Using TDD, TCR, or heavy unit testing pay off well for code-writing programs. Situations that are tricky to set up in the full input can be more easily created in unit tests. Outputs that are hard to test in the full output may be much easier to explore with microtesting. 

High-Level Testing May Be Needed

For complex systems, at least system-level testing is needed. But, as mentioned above, it’s challenging to specify acceptable output. (Have you ever looked at generated code? It’s often… opaque.)

We can do a system-level test, looking at the generated code

We can run classic “diff” tests, provided we can specify the expected output.

Check the Syntax

You may have noticed something about unit tests and system tests: they’re built around expectations. 

In this case, those expectations are code. If there’s something we’ve learned about writing code, it’s that it’s very hard to get it right the first time. 
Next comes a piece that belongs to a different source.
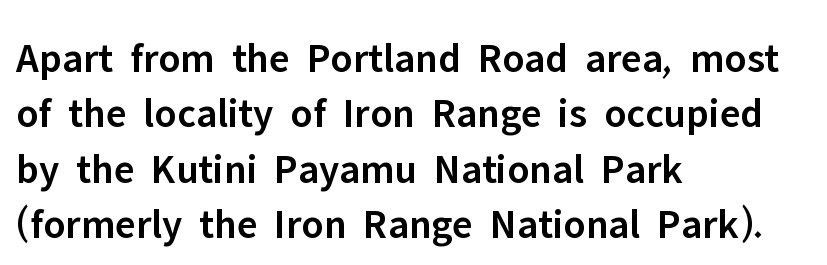
What weight is shown? A semibold, between regular and bold. The lettering holds an erect, upright posture throughout. The rag falls on the right side of this text block. Quick note: underline off. Does the type have serifs? No, each stem ends abruptly.

That opens a scary possibility: we’re getting the code we expect, but it’s not what we want. 

One way to check our code is to use another tool to validate it – a syntax checker (possibly as part of a compiler). If our expected code is right, it certainly should pass that check. (I’ve seen samples of AI-generated code that fails this test.) 

Feed generated code to a syntax checker

In principle, this is a step forward, but it also has challenges – is the tool that checks the syntax perfectly conformant with the language spec, or does it have its own foibles?

Does The Generated Code Work?

If I write a bunch of code, and it all compiles, does it necessarily work? Of course not. (You might even want to bet the other way.)

To really know that our code-writing code works, we want to make sure that the code it generates really works. 

Test the generated code with its "real" input and expected output

Now we need a whole new set of test cases, not in the form of our input language, but the inputs to our final running system. 

Combinations

To build code that writes code, we need multiple tests:

  • You’ll almost certainly benefit from unit level / microtests.
  • You probably want at least a few system-level tests for your code generation.
  • You’ll absolutely want the second-level system tests: you must make sure the whole system works, end-to-end-to-end. (As the generated code has to be compiled or interpreted, you’ll also get syntax checking from that process.)

We can see both levels of tests in one picture: 

Two-level checks: the generated code, and its effects

What About TDD?

I’ve long been an advocate of TDD, and I’d absolutely use it for the code-writing system.

But note that you can also use it on the generated system. Nothing says those tests have to appear from your head all at once; you may find it pays to develop those tests incrementally too.

Conclusion

Code that writes code creates a two-level system, and it’s important to test both levels. If you neglect testing the generated code, your users will have to test it for you.